Yavé me mostró dos canastos con higos, que estaban delante de su templo. Esto pasó después de que Nabucodonosor, rey de Babilonia, desterró a Jeconías, hijo de Joaquim, rey de Judá, y a los príncipes de Judá junto con los herreros y los cerrajeros, y los llevó a Babilonia, lejos de Jerusalén.
Un canasto tenía higos muy buenos, como son los primeros que maduran; el otro tenía higos podridos, tan malos que no se podían comer.
Y me preguntó Yavé: «¿Qué ves, Jeremías?» Le contesté: «Higos. Los buenos son muy buenos; los malos están tan podridos que no se pueden comer.»
Entonces me llegó una palabra de Yavé: Esto dice Yavé, Dios de Israel:
Así como se mira con gusto estos higos buenos, así me voy a interesar por el bien de los desterrados de Judá, que eché de este lugar al país de los caldeos.

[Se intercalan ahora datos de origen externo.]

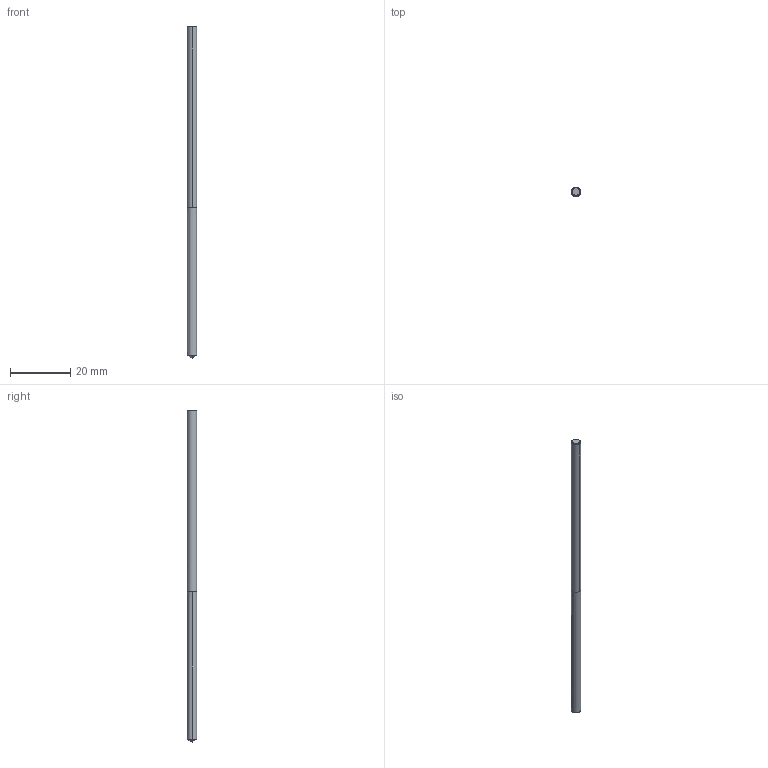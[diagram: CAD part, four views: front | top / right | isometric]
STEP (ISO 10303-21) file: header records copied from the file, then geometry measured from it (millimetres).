
FILE_DESCRIPTION(('no description'),'unknown implementation level');
FILE_NAME('solidnIewiWlTIpZp_vcMqCdM_q8z3CM_1.STP',' ',('CIM GmbH Aachen'),('CADClick - KiM GmbH - www.kimweb.de'),'unknown preprocess','ACIS','unknown authorization');
FILE_SCHEMA(('automotive_design'));
Length unit declared in the file: millimetre
Products named in the file (2): 1; 2
Bounding box: 3.1 x 3.1 x 110 mm (x, y, z)
Volume: 825.5 mm3; surface area: 1092.8 mm2
Topology: 2 solids, 2 shells, 26 faces, 63 edges, 39 vertices
Faces by surface type: cylinder 10, cone 8, plane 8
Entity records: 1699 total; most frequent: CARTESIAN_POINT 347, STYLED_ITEM 128, PRESENTATION_STYLE_ASSIGNMENT 128, COLOUR_RGB 128, DIRECTION 127, ORIENTED_EDGE 122, EDGE_CURVE 61, CURVE_STYLE 61
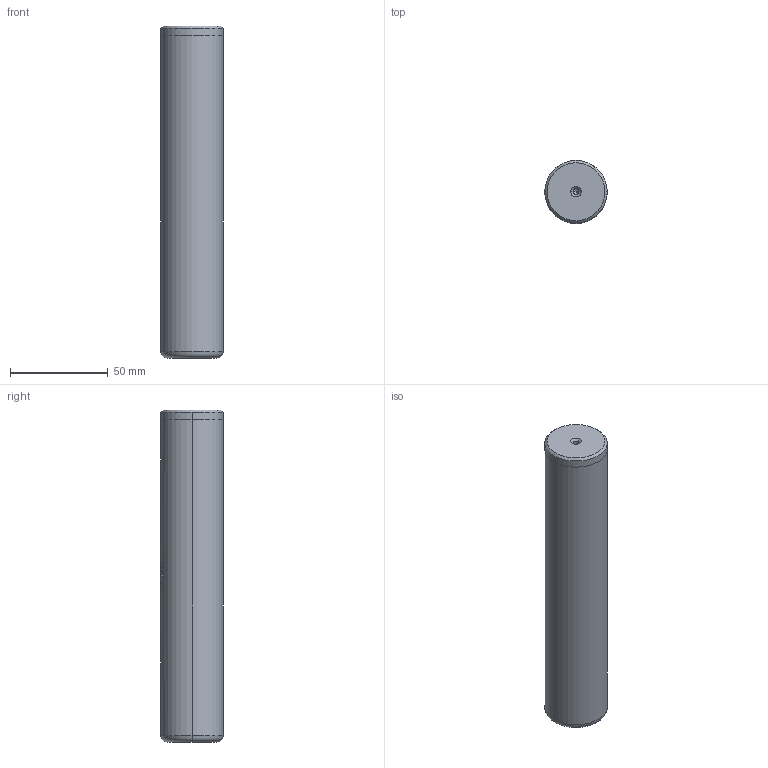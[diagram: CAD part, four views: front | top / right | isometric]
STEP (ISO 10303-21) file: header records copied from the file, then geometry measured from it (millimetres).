
FILE_DESCRIPTION (( 'STEP AP214' ), '1' );
FILE_NAME ('DSPK-D32-L170.STEP', '2021-08-21T07:44:33', ( '' ), ( '' ), 'SwSTEP 2.0', 'SolidWorks 2016', '' );
FILE_SCHEMA (( 'AUTOMOTIVE_DESIGN' ));
Length unit declared in the file: millimetre
Products named in the file (2): DSPK-D32-L170
Bounding box: 32.02 x 32.02 x 170 mm (x, y, z)
Volume: 134770.1 mm3; surface area: 19261.6 mm2
Topology: 1 solids, 1 shells, 46 faces, 104 edges, 62 vertices
Faces by surface type: cone 14, cylinder 12, plane 10, bspline 8, torus 2
Entity records: 2755 total; most frequent: CARTESIAN_POINT 1724, ORIENTED_EDGE 200, DIRECTION 190, EDGE_CURVE 100, AXIS2_PLACEMENT_3D 78, VERTEX_POINT 62, EDGE_LOOP 52, ADVANCED_FACE 46
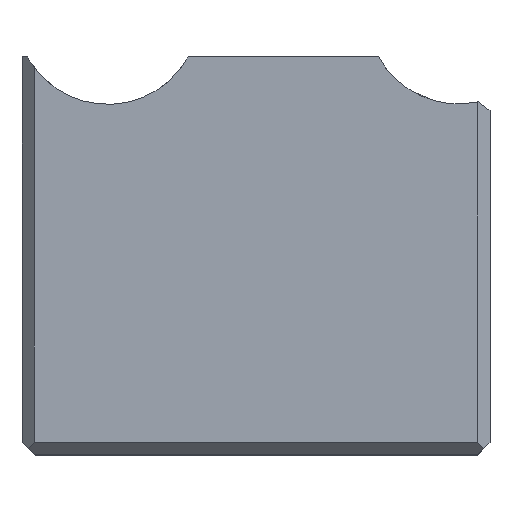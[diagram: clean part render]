
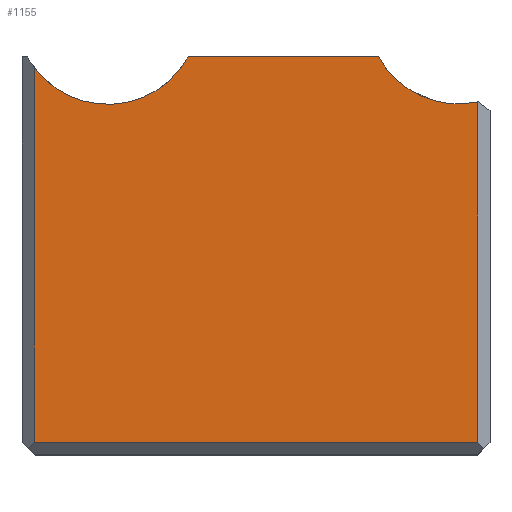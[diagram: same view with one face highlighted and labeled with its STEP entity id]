
A CAD part, top view. The second image highlights one B-rep face of the part: STEP entity #1155.
In plain terms, the highlighted planar face has unit normal (0, 0, 1).
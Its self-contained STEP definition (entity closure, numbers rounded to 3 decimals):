
#35=CIRCLE('',#1237,3.);
#36=CIRCLE('',#1238,3.);
#72=FACE_OUTER_BOUND('',#134,.T.);
#134=EDGE_LOOP('',(#856,#857,#858,#859,#860,#861));
#247=LINE('',#1734,#390);
#249=LINE('',#1740,#392);
#250=LINE('',#1742,#393);
#251=LINE('',#1746,#394);
#390=VECTOR('',#1404,10.);
#392=VECTOR('',#1410,10.);
#393=VECTOR('',#1411,10.);
#394=VECTOR('',#1414,10.);
#519=VERTEX_POINT('',#1731);
#520=VERTEX_POINT('',#1733);
#522=VERTEX_POINT('',#1739);
#523=VERTEX_POINT('',#1741);
#524=VERTEX_POINT('',#1743);
#525=VERTEX_POINT('',#1745);
#647=EDGE_CURVE('',#519,#520,#247,.T.);
#650=EDGE_CURVE('',#522,#519,#249,.T.);
#651=EDGE_CURVE('',#523,#522,#250,.T.);
#652=EDGE_CURVE('',#523,#524,#35,.T.);
#653=EDGE_CURVE('',#524,#525,#251,.T.);
#654=EDGE_CURVE('',#525,#520,#36,.T.);
#856=ORIENTED_EDGE('',*,*,#647,.F.);
#857=ORIENTED_EDGE('',*,*,#650,.F.);
#858=ORIENTED_EDGE('',*,*,#651,.F.);
#859=ORIENTED_EDGE('',*,*,#652,.T.);
#860=ORIENTED_EDGE('',*,*,#653,.T.);
#861=ORIENTED_EDGE('',*,*,#654,.T.);
#1102=PLANE('',#1236);
#1155=ADVANCED_FACE('',(#72),#1102,.T.);
#1236=AXIS2_PLACEMENT_3D('',#1738,#1408,#1409);
#1237=AXIS2_PLACEMENT_3D('',#1744,#1412,#1413);
#1238=AXIS2_PLACEMENT_3D('',#1747,#1415,#1416);
#1404=DIRECTION('',(0.,1.,0.));
#1408=DIRECTION('center_axis',(0.,0.,
1.));
#1409=DIRECTION('ref_axis',(1.,0.,0.));
#1410=DIRECTION('',(-1.,0.,0.));
#1411=DIRECTION('',(0.,-1.,0.));
#1412=DIRECTION('center_axis',(0.,0.,
-1.));
#1413=DIRECTION('ref_axis',(-1.,0.,0.));
#1414=DIRECTION('',(-1.,0.,0.));
#1415=DIRECTION('center_axis',(0.,0.,
-1.));
#1416=DIRECTION('ref_axis',(-1.,0.,0.));
#1731=CARTESIAN_POINT('',(139.777,-154.03,112.341));
#1733=CARTESIAN_POINT('',(139.777,-141.773,112.341));
#1734=CARTESIAN_POINT('',(139.777,-153.43,112.341));
#1738=CARTESIAN_POINT('Origin',(138.677,-153.43,112.341));
#1739=CARTESIAN_POINT('',(154.283,-154.03,112.341));
#1740=CARTESIAN_POINT('',(142.704,-154.03,112.341));
#1741=CARTESIAN_POINT('',(154.283,-142.901,112.341));
#1742=CARTESIAN_POINT('',(154.283,-153.43,112.341));
#1743=CARTESIAN_POINT('',(151.038,-141.43,112.341));
#1744=CARTESIAN_POINT('Origin',(153.657,-139.967,112.341));
#1745=CARTESIAN_POINT('',(144.81,-141.43,112.341));
#1746=CARTESIAN_POINT('',(142.704,-141.43,112.341));
#1747=CARTESIAN_POINT('Origin',(142.183,-139.98,112.341));
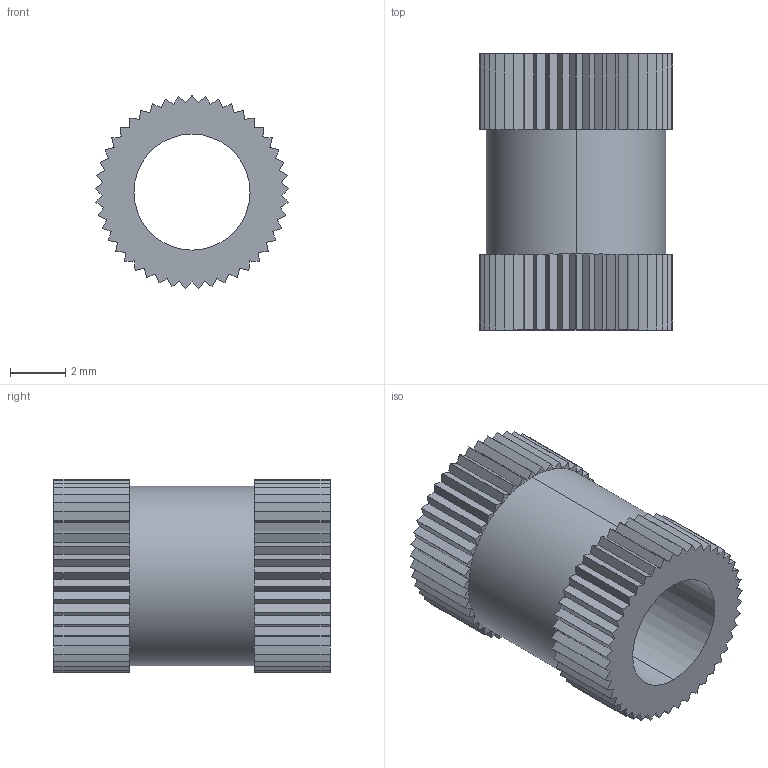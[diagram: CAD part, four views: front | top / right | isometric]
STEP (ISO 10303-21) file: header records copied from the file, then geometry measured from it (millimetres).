
FILE_DESCRIPTION (( 'STEP AP214' ), '1' );
FILE_NAME ('M5x10x7 - Heat Set Insert.step', '2019-11-11T12:28:21', ( '' ), ( '' ), 'SwSTEP 2.0', 'SolidWorks 2019', '' );
FILE_SCHEMA (( 'AUTOMOTIVE_DESIGN' ));
Length unit declared in the file: millimetre
Products named in the file (1): M5x10x7 - Heat Set Insert
Bounding box: 7 x 10 x 6.99 mm (x, y, z)
Volume: 207.3 mm3; surface area: 443.1 mm2
Topology: 1 solids, 1 shells, 366 faces, 910 edges, 546 vertices
Faces by surface type: plane 272, cylinder 94
Entity records: 10734 total; most frequent: DIRECTION 1920, CARTESIAN_POINT 1823, ORIENTED_EDGE 1820, EDGE_CURVE 910, AXIS2_PLACEMENT_3D 643, VECTOR 634, LINE 634, VERTEX_POINT 546
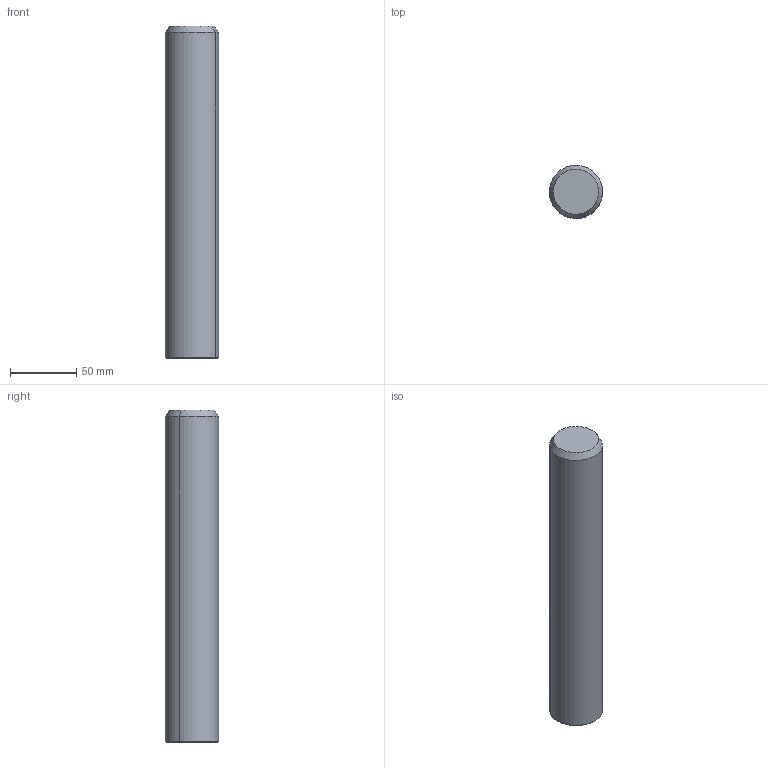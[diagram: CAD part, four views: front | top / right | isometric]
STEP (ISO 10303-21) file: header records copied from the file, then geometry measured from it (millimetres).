
FILE_DESCRIPTION(('CATIA V5 STEP Exchange'),'2;1');
FILE_NAME('RDCO102.40250.stp','2017-03-07T15:48:11+00:00',('none'),('none'),'CATIA Version 5 Release 19 GA (IN-10)','CATIA V5 STEP AP203','none');
FILE_SCHEMA(('CONFIG_CONTROL_DESIGN'));
Length unit declared in the file: millimetre
Products named in the file (1): RDCO102.40250
Bounding box: 39.99 x 39.99 x 250 mm (x, y, z)
Volume: 313213.2 mm3; surface area: 33587.8 mm2
Topology: 1 solids, 1 shells, 8 faces, 17 edges, 15 vertices
Faces by surface type: cone 4, plane 2, cylinder 2
Entity records: 249 total; most frequent: CARTESIAN_POINT 39, DIRECTION 29, ORIENTED_EDGE 28, AXIS2_PLACEMENT_3D 15, EDGE_CURVE 14, VECTOR 9, LINE 9, ADVANCED_FACE 8
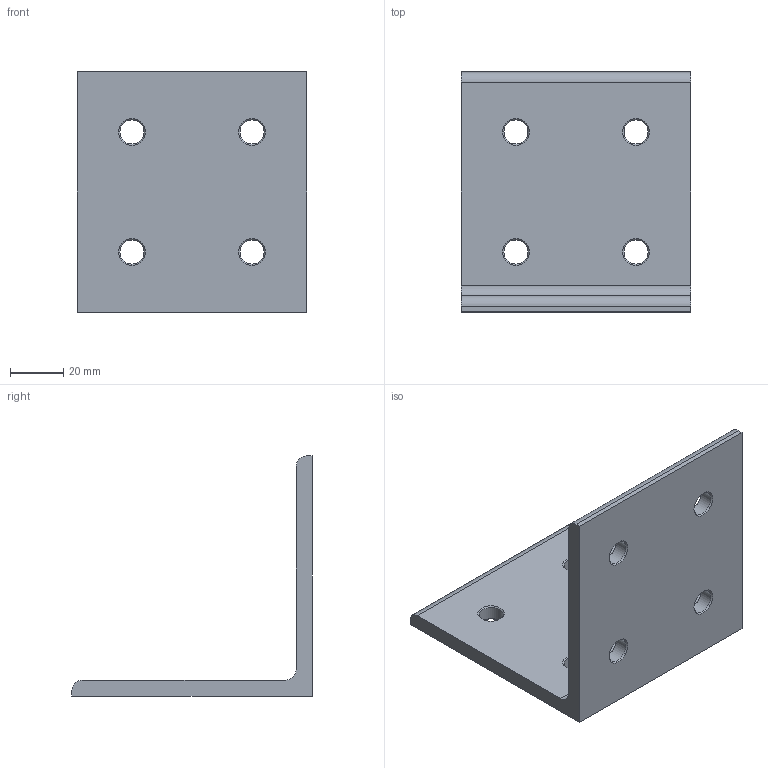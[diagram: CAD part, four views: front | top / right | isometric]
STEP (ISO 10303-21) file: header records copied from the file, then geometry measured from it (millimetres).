
FILE_DESCRIPTION(/* description */ ('KriTec Winkel 10 Al 90x90x86x6 Softline'),/* implementation_level */ '2;1');
FILE_NAME(/* name */ '81566_KriTec_Winkel_10_Al_90x90x86x6_Softline.stp',/* time_stamp */ '2019-08-02T13:50:41+02:00',/* author */ ('jendrek'),/* organization */ (''),/* preprocessor_version */ 'ST-DEVELOPER v17',/* originating_system */ 'Autodesk Inventor 2018',/* authorisation */ '');
FILE_SCHEMA (('AUTOMOTIVE_DESIGN { 1 0 10303 214 3 1 1 }'));
Length unit declared in the file: millimetre
Products named in the file (1): 81566
Bounding box: 86 x 90 x 90 mm (x, y, z)
Volume: 86376.4 mm3; surface area: 32810.2 mm2
Topology: 1 solids, 1 shells, 35 faces, 115 edges, 82 vertices
Faces by surface type: cone 16, cylinder 11, plane 8
Full cylindrical faces by diameter (mm): 9 x8
Entity records: 1398 total; most frequent: DIRECTION 257, CARTESIAN_POINT 233, ORIENTED_EDGE 230, EDGE_CURVE 115, AXIS2_PLACEMENT_3D 106, VERTEX_POINT 82, CIRCLE 70, EDGE_LOOP 51
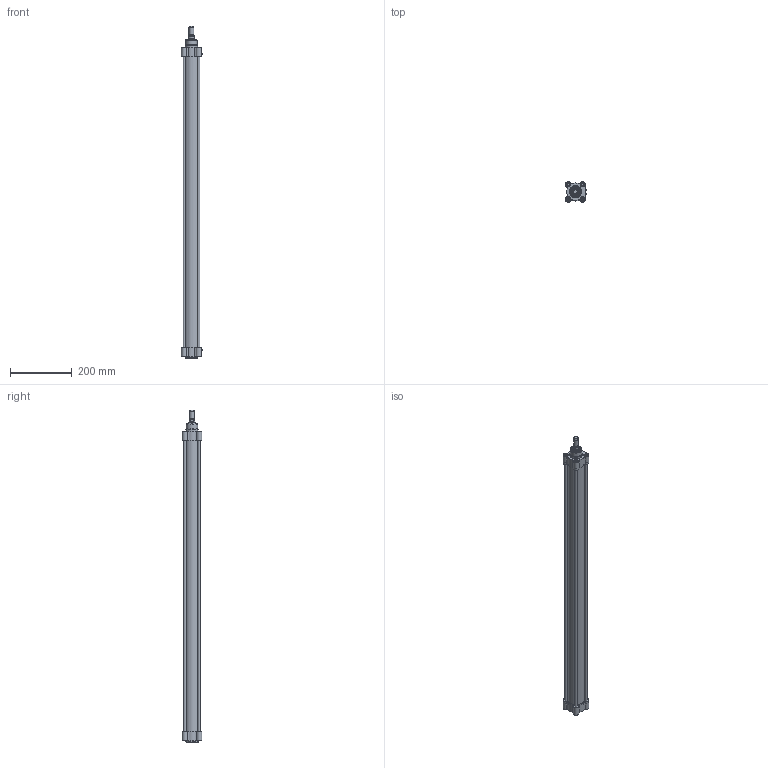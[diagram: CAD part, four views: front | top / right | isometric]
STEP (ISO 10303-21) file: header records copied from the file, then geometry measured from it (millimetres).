
FILE_DESCRIPTION((''),'2;1');
FILE_NAME('YDM050.900.GS.M.stp','2014-07-08T15:57:14',('carlo.corazza'),(''),'Autodesk Inventor 2012','Autodesk Inventor 2012','');
FILE_SCHEMA(('AUTOMOTIVE_DESIGN { 1 0 10303 214 1 1 1 1 }'));
Length unit declared in the file: millimetre
Products named in the file (6): YDM050..GS.M; CORPO-900; STELO-900; TA; TIRANTE-900; TP
Assembly tree (8 placements, depth 2):
  YDM050..GS.M
    CORPO-900
    STELO-900
    TA
    TIRANTE-900  x4
    TP
Bounding box: 68.68 x 64.96 x 1079 mm (x, y, z)
Volume: 978005.3 mm3; surface area: 530893.5 mm2
Topology: 12 solids, 16 shells, 499 faces, 1122 edges, 703 vertices
Faces by surface type: plane 196, cone 141, cylinder 111, torus 43, revolution 8
Full cylindrical faces by diameter (mm): 3 x4, 3.9 x2, 4.3 x2, 4.5 x2, 5 x2, 5.3 x3, 6.647 x8, 7.8 x4, 7.99 x2, 8 x10, 10.7 x2, 11 x2, 11.445 x2, 12 x1, 13 x8, 13.5 x9, 16 x1, 18 x2, 19.5 x1, 20 x2, 20.8 x1, 20.847 x1, 24 x2, 30 x3, 38 x1, 40 x2, 50 x1, 53 x1
Entity records: 13169 total; most frequent: CARTESIAN_POINT 2547, DIRECTION 2186, ORIENTED_EDGE 1722, AXIS2_PLACEMENT_3D 941, EDGE_CURVE 861, EDGE_LOOP 758, VERTEX_POINT 652, FACE_OUTER_BOUND 484
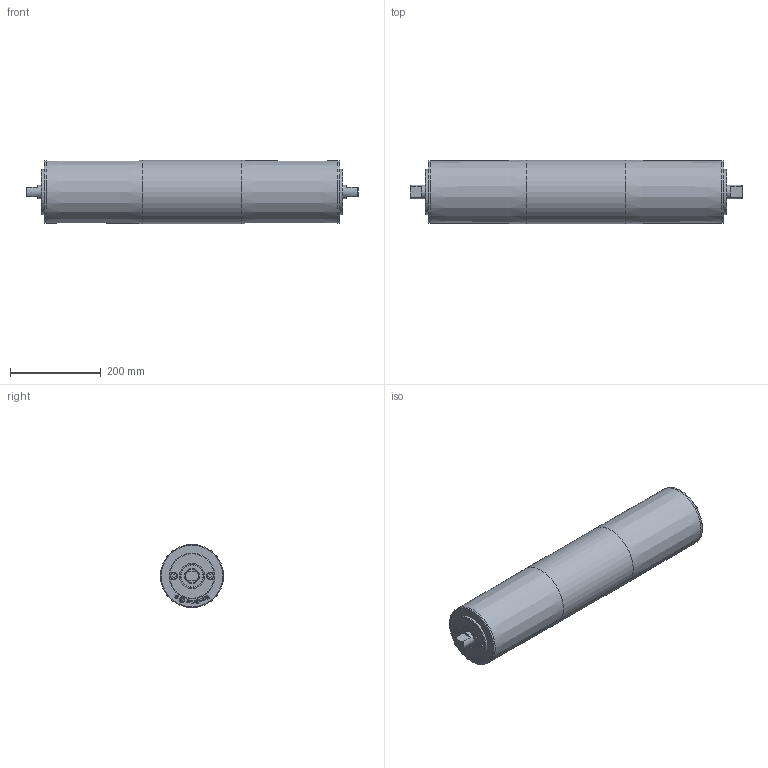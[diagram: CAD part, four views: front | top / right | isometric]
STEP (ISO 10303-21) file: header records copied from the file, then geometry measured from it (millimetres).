
FILE_DESCRIPTION(/* description */ (''),/* implementation_level */ '2;1');
FILE_NAME(/* name */ 'Scandrive S Ø138 RL650.stp',/* time_stamp */ '2017-06-13T16:59:07+02:00',/* author */ ('GUH'),/* organization */ (''),/* preprocessor_version */ 'ST-DEVELOPER v16.13',/* originating_system */ 'Autodesk Inventor 2018',/* authorisation */ '');
FILE_SCHEMA (('AUTOMOTIVE_DESIGN { 1 0 10303 214 3 1 1 }'));
Length unit declared in the file: millimetre
Products named in the file (1): Scandrive S Ø138 RL650
Bounding box: 730 x 139 x 139 mm (x, y, z)
Volume: 1436609.2 mm3; surface area: 615725.4 mm2
Topology: 1 solids, 2 shells, 484 faces, 1254 edges, 834 vertices
Faces by surface type: plane 254, bspline 196, cylinder 22, cone 6, torus 6
Full cylindrical faces by diameter (mm): 14 x2, 16 x2, 30 x2, 34 x2, 34.2 x2, 54.98 x2, 55 x2, 100 x2, 130 x1, 137.48 x2, 137.5 x2, 139 x1
Entity records: 15613 total; most frequent: CARTESIAN_POINT 5103, ORIENTED_EDGE 2444, DIRECTION 1464, EDGE_CURVE 1222, VERTEX_POINT 832, LINE 758, VECTOR 758, EDGE_LOOP 574

Me fijaré que les vaya bien, los haré regresar a su tierra, los reconstruiré en vez de demolerlos, los plantaré en vez de arrancarlos.
Les daré un corazón que sea capaaz de conocerme a mí, Yavé. Serán mi pueblo y yo seré su Dios, pues volverán a mí con todo su corazón.
Pero así como se trata a los higos malos, tan podridos que no se pueden comer, así trataré a Sedecías, rey de Judá, a sus príncipes y al resto de los habitantes de Jerusalén, tanto a los que quedaron en este país como a los que viven en Egipto.
Serán motivo de espanto y de vergüenza para todos los reinos de la tierra; se reirán y se burlarán de ellos, serán como un ejemplo de maldición en todos los países adonde los echaré.
Enviaré contra ellos la espada, el hambre, la peste, hasta que hayan desaparecido de la tierra que les había dado a ellos y a sus padres.